After the loss of her parents, she’d been left no choice but to stay there with her two brothers. The memory of that time still gives her nightmares. By day, it felt like a prison, the only place where she was safe from the stigma that follows this disease. At night it was a haunted house, filled with dreams of her mother’s ghost.
Eventually, she found a new place to live—a small shack with no door. It’s not as nice or as safe as her old home, but it’s not the place where she watched her father slip away. For now, that is enough.
Four months after her parents died, Lucee is still braving a battle for survival—one that’s punctured with unfathomable sadness. She misses her parents all the time. “When they were alive they did a lot of things for me,” she says. “They bought things, they took care of me.”
In their absence, Lucee is virtually a single mother of two. Without any trade to support to her brothers, she first turned to casual sex with “boys” in the neighborhood for money. But after a terrifying miscarriage, she abandoned the practice for good.
Lucee’s new source of income, firewood, is safer but unreliable. Each morning, she sends her brothers into the nearby brush of the Western Region to collect as much as they can carry. The wood they find they sell to the community, the majority of whom use it to cook. Some days the wood goes quickly, some days not at all.
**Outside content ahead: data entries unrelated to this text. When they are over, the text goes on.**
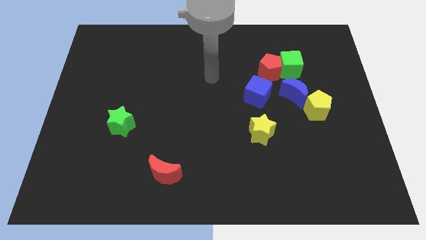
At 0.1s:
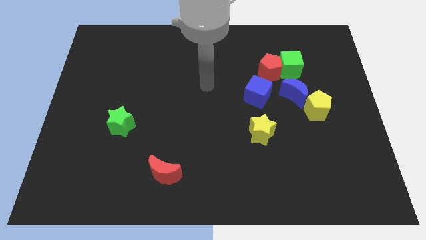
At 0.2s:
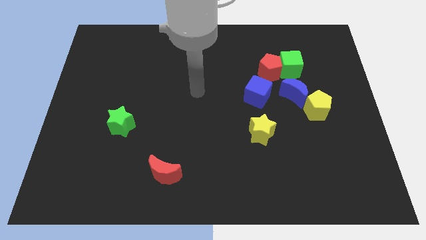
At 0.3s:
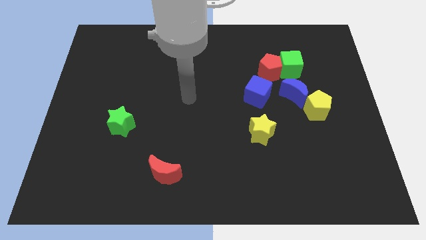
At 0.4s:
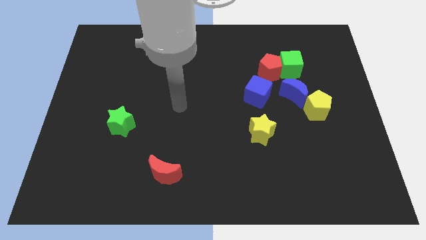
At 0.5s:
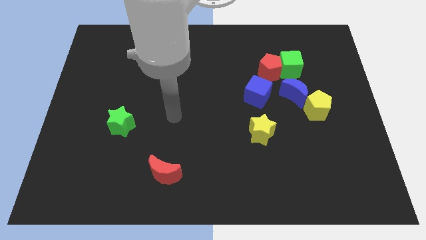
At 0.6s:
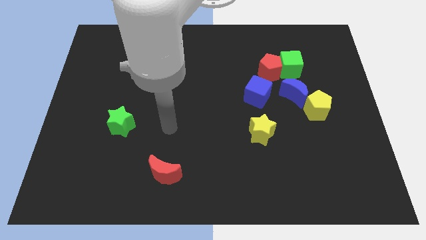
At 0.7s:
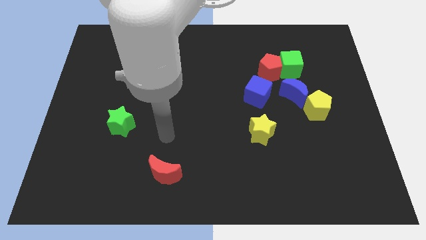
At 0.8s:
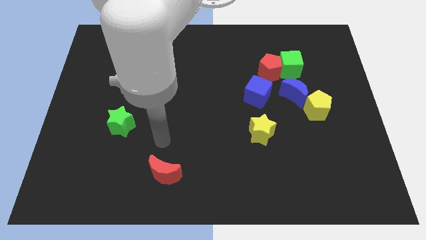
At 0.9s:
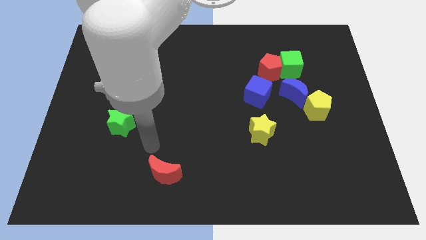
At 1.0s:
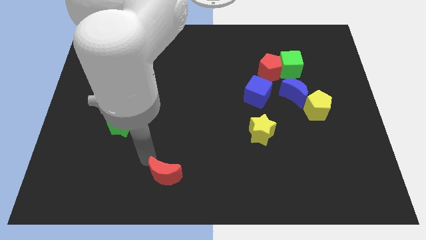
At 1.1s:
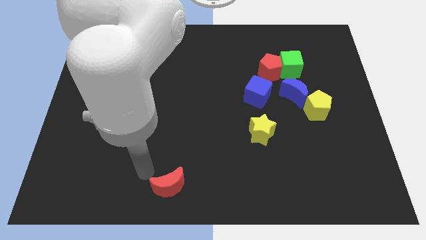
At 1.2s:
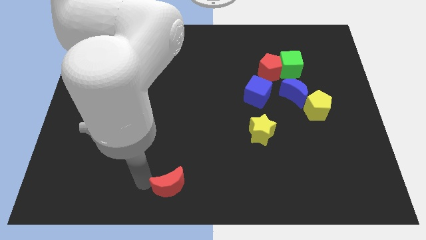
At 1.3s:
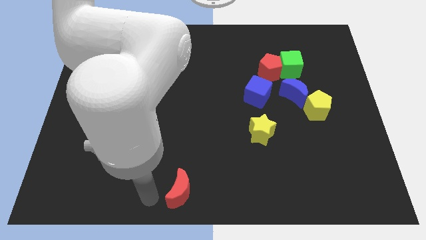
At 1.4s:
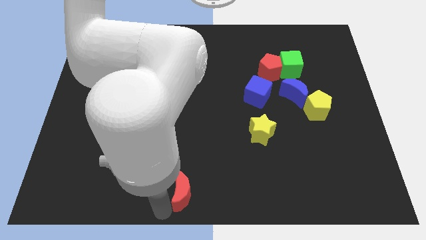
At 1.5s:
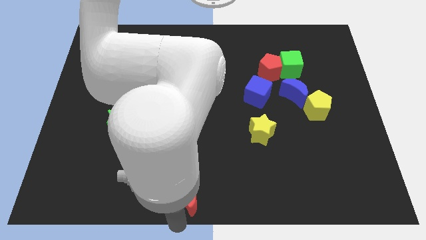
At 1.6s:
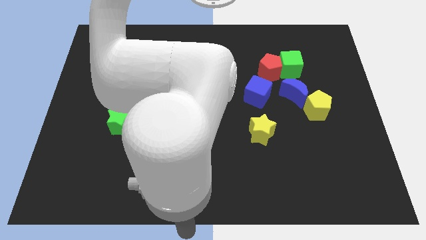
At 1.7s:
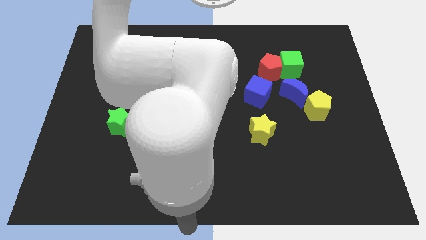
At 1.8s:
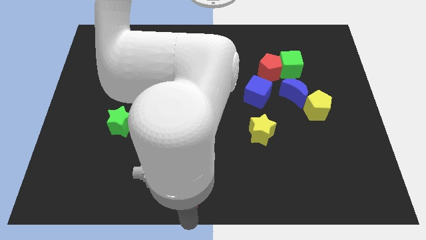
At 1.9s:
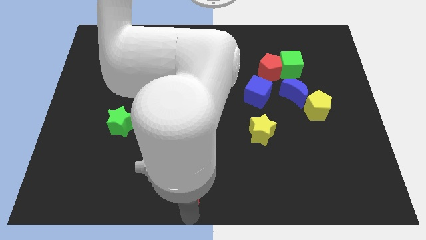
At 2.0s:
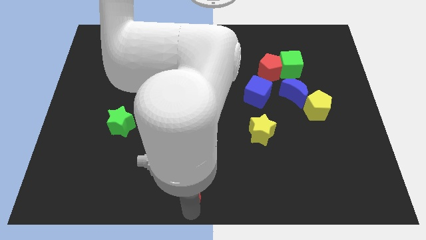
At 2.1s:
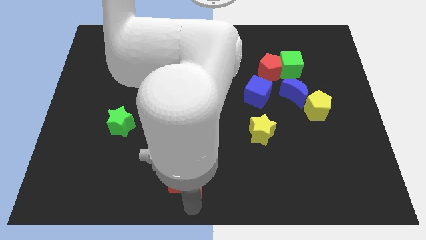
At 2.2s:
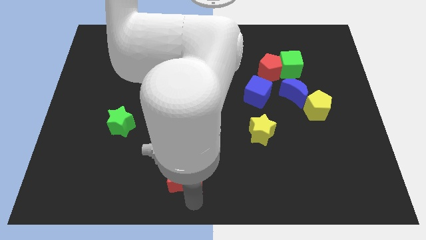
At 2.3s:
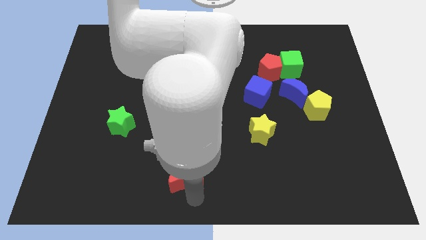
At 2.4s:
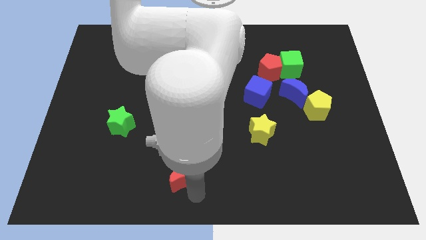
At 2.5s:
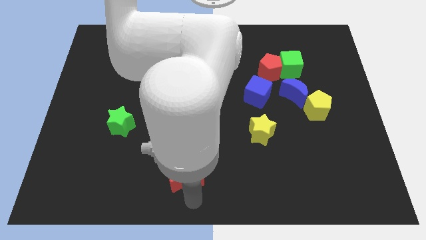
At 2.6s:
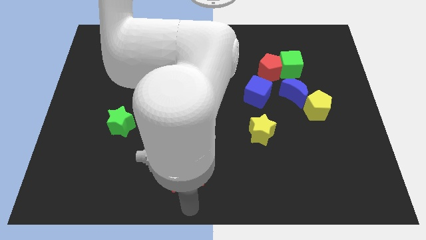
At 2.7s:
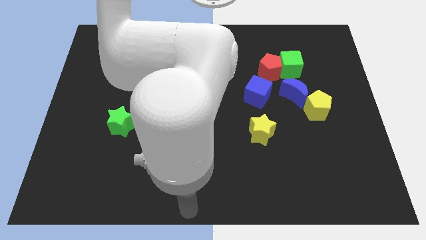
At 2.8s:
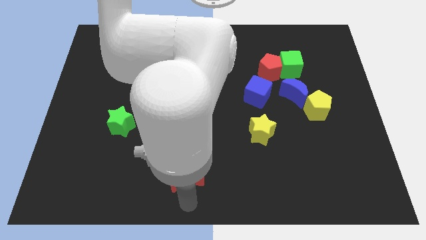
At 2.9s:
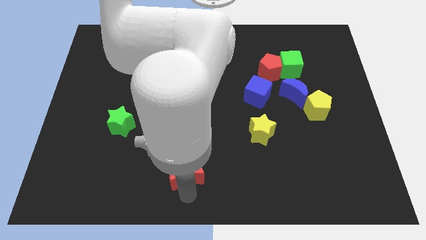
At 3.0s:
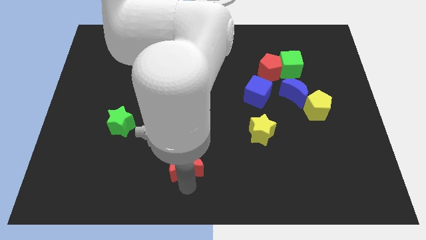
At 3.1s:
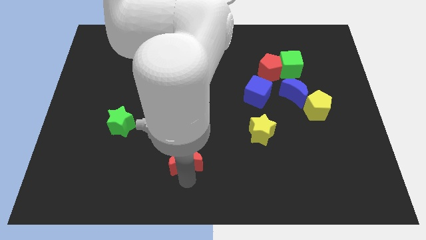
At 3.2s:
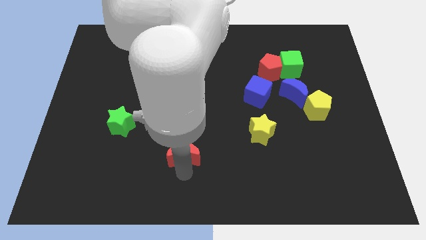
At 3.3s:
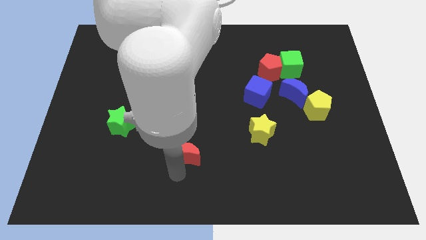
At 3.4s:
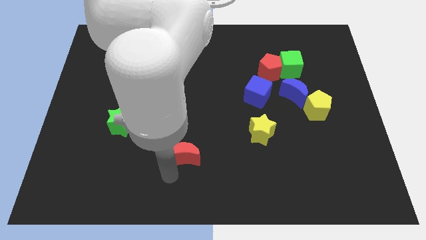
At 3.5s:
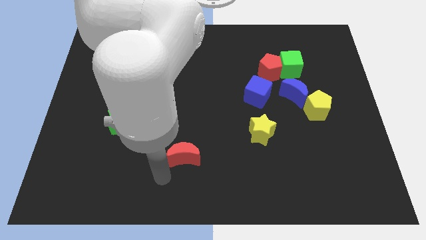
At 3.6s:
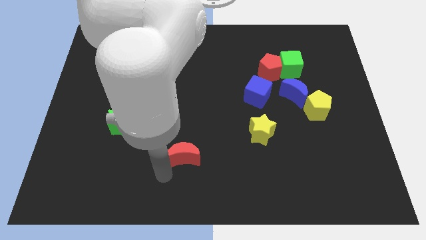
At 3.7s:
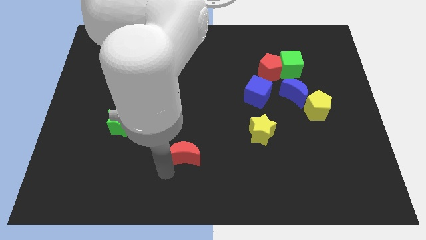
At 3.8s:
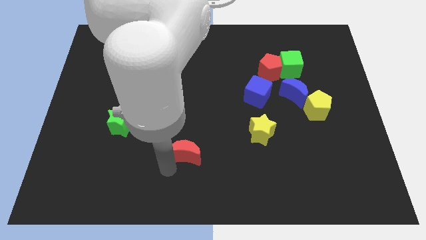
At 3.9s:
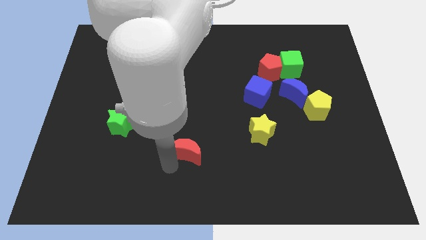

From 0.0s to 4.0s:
slide the red moon a bit up and then to the right

The new responsibilities that come with raising her two young brothers weigh heavily on Lucee. Thanks to education from community leaders, those who had alienated her have begun to reconnect. Slowly, some things in her village are returning to normal. But at the end of the day, she is still with two brothers to care for and no parents to help.
Street Child UK, which highlighted Lucee’s story in a recent report on children orphaned by Ebola, offers as much assistance as it can. Established in 2008, the charity promotes educational opportunities for kids in West Africa.
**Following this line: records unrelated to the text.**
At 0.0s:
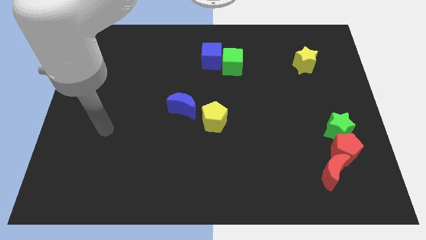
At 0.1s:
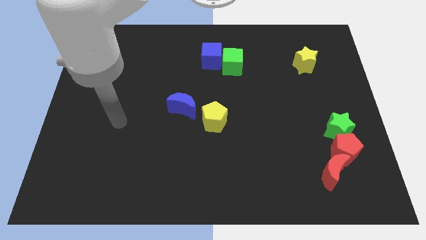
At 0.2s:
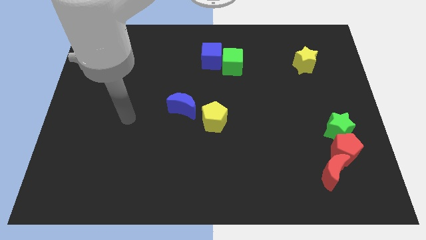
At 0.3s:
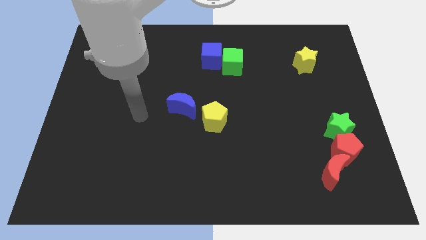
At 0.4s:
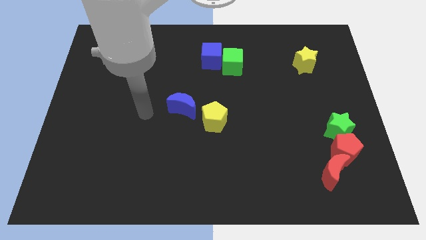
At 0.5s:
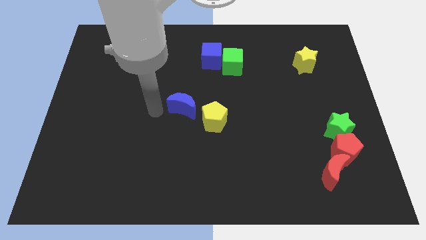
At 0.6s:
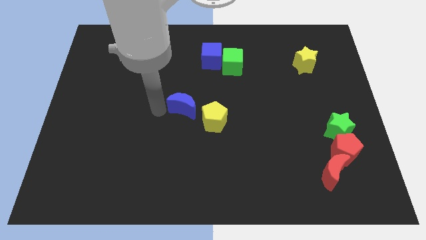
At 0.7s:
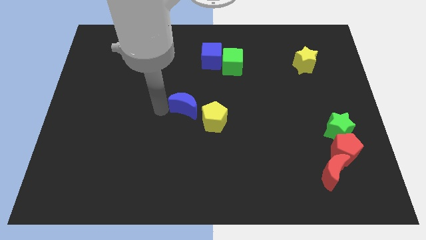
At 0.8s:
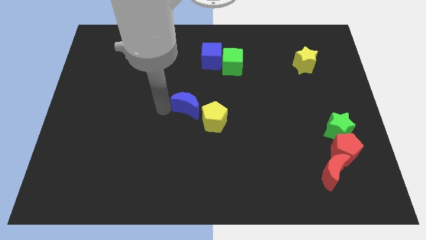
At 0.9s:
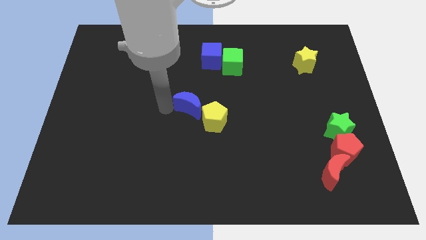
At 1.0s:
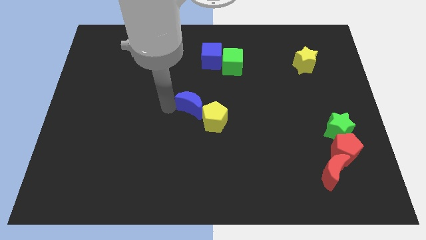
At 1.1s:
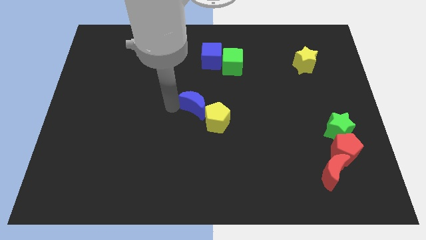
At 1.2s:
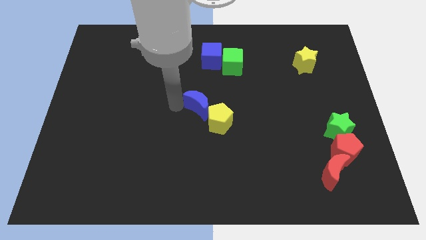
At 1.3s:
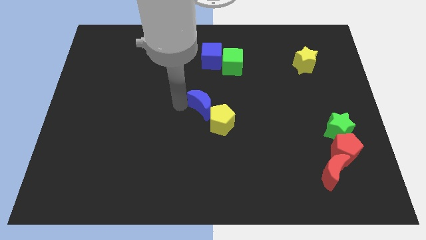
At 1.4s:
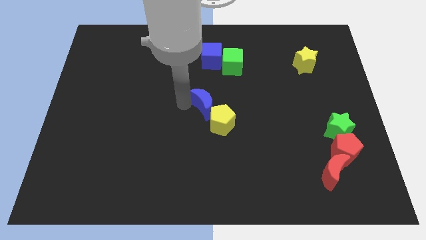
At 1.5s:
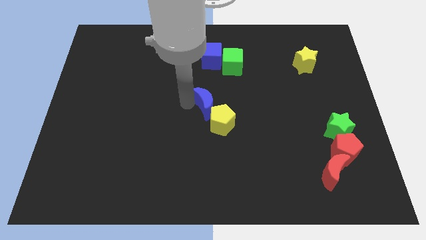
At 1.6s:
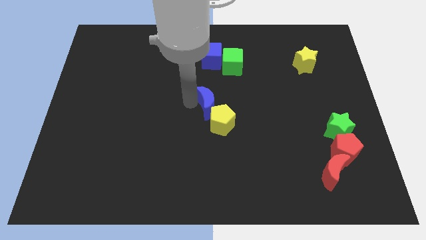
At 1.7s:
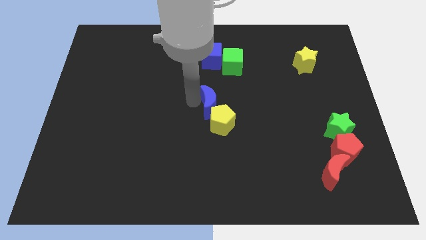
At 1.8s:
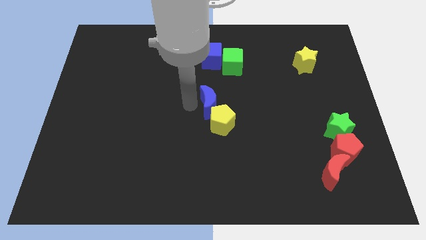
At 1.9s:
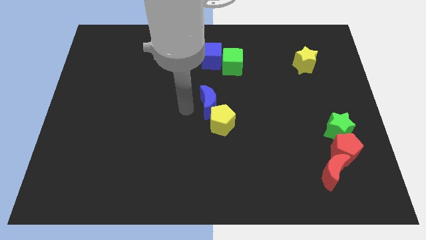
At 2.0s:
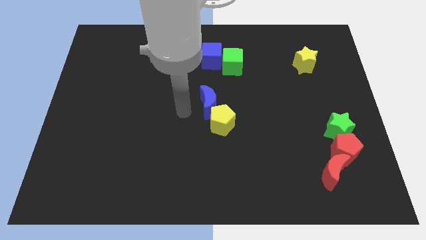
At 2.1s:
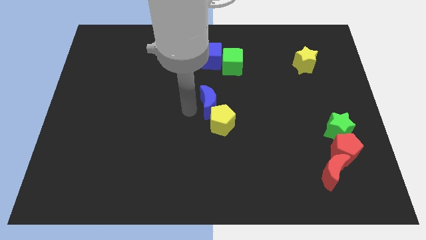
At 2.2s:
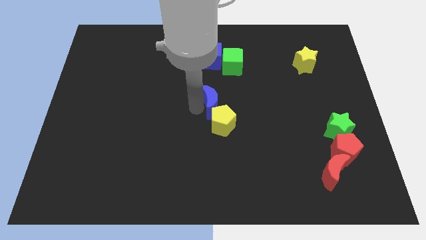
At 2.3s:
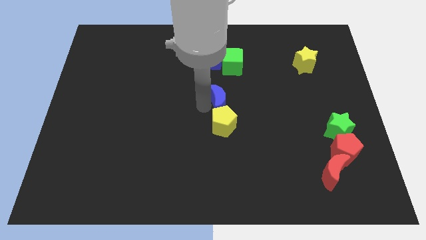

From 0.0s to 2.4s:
slightly move the blue moon to the right

But with an estimated 12,000 children in Sierra Leone orphaned by Ebola, there is only so much to go around.
For Lucee, who received some education before the epidemic occurred, school is the answer. She hopes soon that Samuel, who was also in school before the outbreak, will return, and that Isaac will soon follow. The two boys, owing to their young age, seem yet to have grasped the gravity of the situation ahead. Lucee wants it that way.
On the phone discussing her battle, Lucee sounds defiant. She’s determined to keep moving forward. She wants to go back to school, find a better home, and land a steadier source of income. While donations from Street Child and other NGOs can help her make ends meet, it’s a better future that she wants in the end. Getting closer to that will require helping to build up her community—and relying on it to do the same.
It’s these “home-grown solutions” that James Kassage Arinaitwe, a former orphan from Uganda, believes will be the answer to this crisis. While stories of individual children who’ve lost parents to Ebola in West Africa are valuable, he says they can be dangerous, too. “For every Sweetie, there are countless children left wondering why they weren’t plucked away,” he says of a New York Times profile of a 4-year-old Ebola orphan.
The danger with singling out individuals, he says, is that it can leave the others wondering: Why not me? Saving one child at a time does nothing to better the place from which they’re being saved. With this mind, he hopes the communities themselves can unite together—much like they did to slow the epidemic—and lift these children up.
“Only then can we ensure that the child survivors of Ebola are born in an Africa where they are not seen as victims or beggars,” he says, “but as captains of their own fate.”